The Androids of Tara

In all fairness, a lot of Doctor Who characters stretch the definition of the very word 'character'. And quite rightly; the series was a jobbing favourite, and actor after actor down the years has delighted in showing up, performing a star turn, and winning the much-coveted respect of their kids. It's a shame that guest-stars didn't also covet equal admiration from their peers, or a lot of them might have seen it as a challenge to give us their best acting performance as well. Yet perhaps this was part of the fun. Doctor Who was always a friendly show to work on, and it took a lot to actually go unnecessarily over the top (come in Darrow) so few ever did.

Equally, on the odd occasion, Doctor Who threw up a character and a performance that was a little bit different. One that was real. One that we could empathise with. Ladies and Gentlemen, I give you Madam Lamia! Madame Lamia occupies a footnote at the bottom of a forgotten page in the Doctor Who bible; it's the one between Lady Adastra and Leeson, John, but the pages have been stuck together with dried coffee. Where was Lois Baxter's creation when they compiled the photo montage in the Twentieth Anniversary Radio Times special? Why wasn't Madam Lamia drawn badly in Lesley Standering's A-Z? Did they forget to include Baxter's Broth in the Doctor Who Cookbook?

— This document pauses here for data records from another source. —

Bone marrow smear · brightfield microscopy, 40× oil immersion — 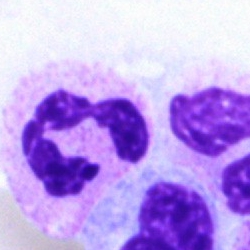Segmented neutrophil.
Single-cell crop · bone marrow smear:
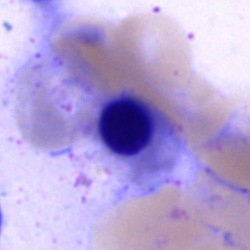 Morphological class = erythroblast.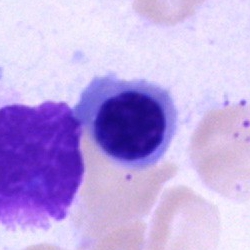
Q: What is shown here?
A: It is a nucleated red blood cell.
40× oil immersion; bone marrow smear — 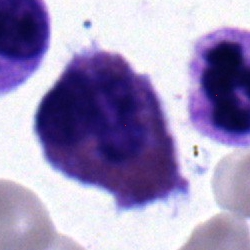Specimen: bone marrow smear.
Cell type: eosinophil.
Lineage: myeloid.
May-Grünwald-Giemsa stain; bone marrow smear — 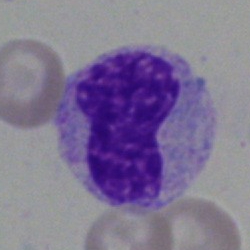
The morphological class is band neutrophil.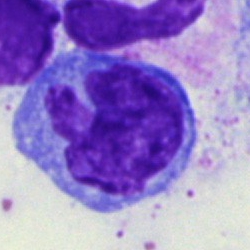Morphology → monocyte.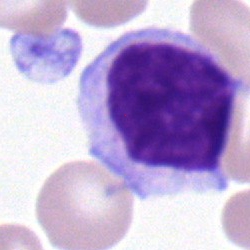

Morphological class — lymphocyte.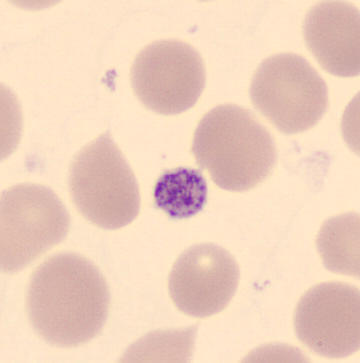

CellaVision DM96 · peripheral blood film. This is a platelet (thrombocyte).
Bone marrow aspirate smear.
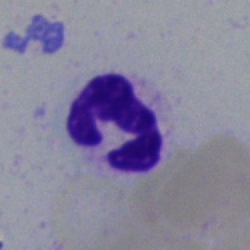

{"cell_type": "neutrophil (segmented)"}
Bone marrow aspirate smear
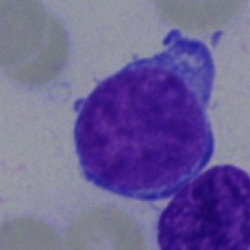Q: Identify the cell.
A: A blast.
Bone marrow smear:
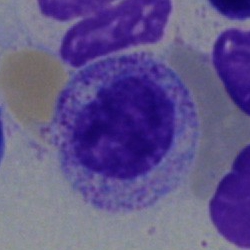Myelocyte.
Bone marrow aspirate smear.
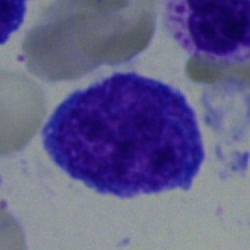
Cell: undifferentiated blast.
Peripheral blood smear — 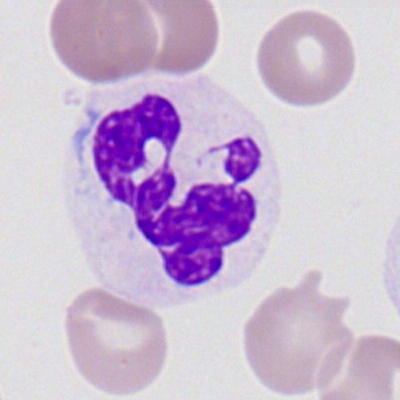 Morphology — neutrophil (segmented).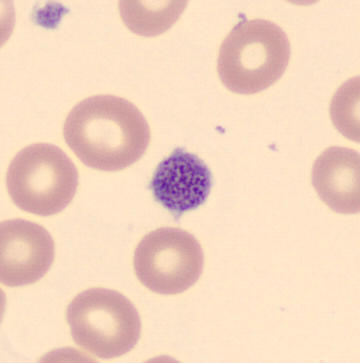

Cell type = platelet (thrombocyte). Preparation: Peripheral blood film.
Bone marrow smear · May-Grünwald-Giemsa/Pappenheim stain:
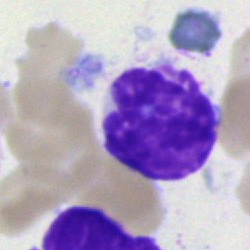

Morphology → artefact.
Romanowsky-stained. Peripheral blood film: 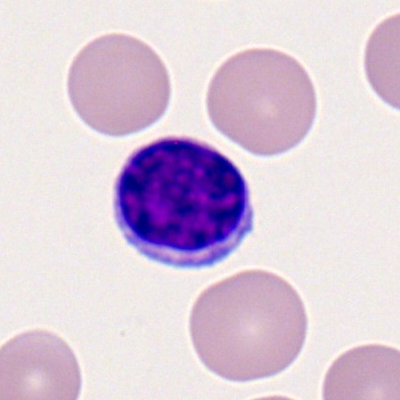 Morphological class: lymphocyte.
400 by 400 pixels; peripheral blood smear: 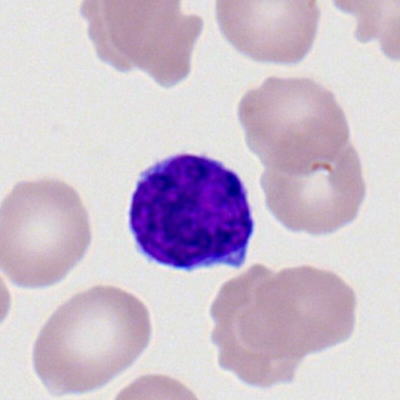

The cell shown is a typical lymphocyte.

When Doctor Who characters are miserable, all too often it's because they are a prisoner. Or being tortured. Or a Dalek Duplicate. Madam Lamia is free to roam about Castle Gracht as she pleases, she's just miserable because she hates her job and her life. How many characters in Doctor Who are grumpy simply because they have a crap job? But it's when we delve into the tragic past of the character that things really get interesting. Madam Lamia is, it turns out, a prisoner after all, but a prisoner of unrequited love for the rotten Count Grendel. She's fallen for him hook, line and sinker, even though she KNOWS he's a bad egg. To top it all, we later learn that the origin of this affection is a certain "kindness" that Grendel once showed her! And this is a kids programme?

To carry on loving someone after they have abandoned you, and always hoping they will start to love you again, are very human and touching things to discover in a Saturday teatime show featuring a hunchback, a time travelling fisherman and a man in a Gorilla suit. The only other character that behaves in such a pitiful, understanding way is Tasembeka in "Revelation of the Daleks". Her "what's it got to do with you!" when confronted with the fact that she is "wasting her time" with Jobel draws a neat parallel with Lamia's stunning admission to Romana that being mistreated by Grendel is "better than nothing". And it's all the more unexpected in a story otherwise filled with the aforementioned clichéd jobsworths; Paul Lavers eager young Swordsman Farrah and Simon Lack... well, we're all still trying to work out just what he was doing there.

The only thing that's regrettable about Lamia is her demise, and even that is interesting for Grendel's reaction. Where-as Tasembeka achieves poetic justice just before her death, stabbing Jobel through the heart with a syringe, Lamia dies like all good heroes, by accident. Picked off by a stray bullet or, as is the case here, electronic bolt. Grendel reacts in the way any thoughtless arrogant old bully would. "Stop, you fools, you've shot Madam Lamia!". And what is that in his eyes as he confirms the inevitable? It's not sorrow, or fear, but mild regret. Now he's going to have to find a new Android surgeon! Grendel isn't evil, he just doesn't care. And many of us know what it's like to try and win favour with someone who doesn't care.

So let's all remember poor, love struck Madam Lamia. Loyal, scarred and forever afflicted with pointless love for someone who would never love her back. Rarely has anyone in Doctor Who before or since appeared so touchingly human.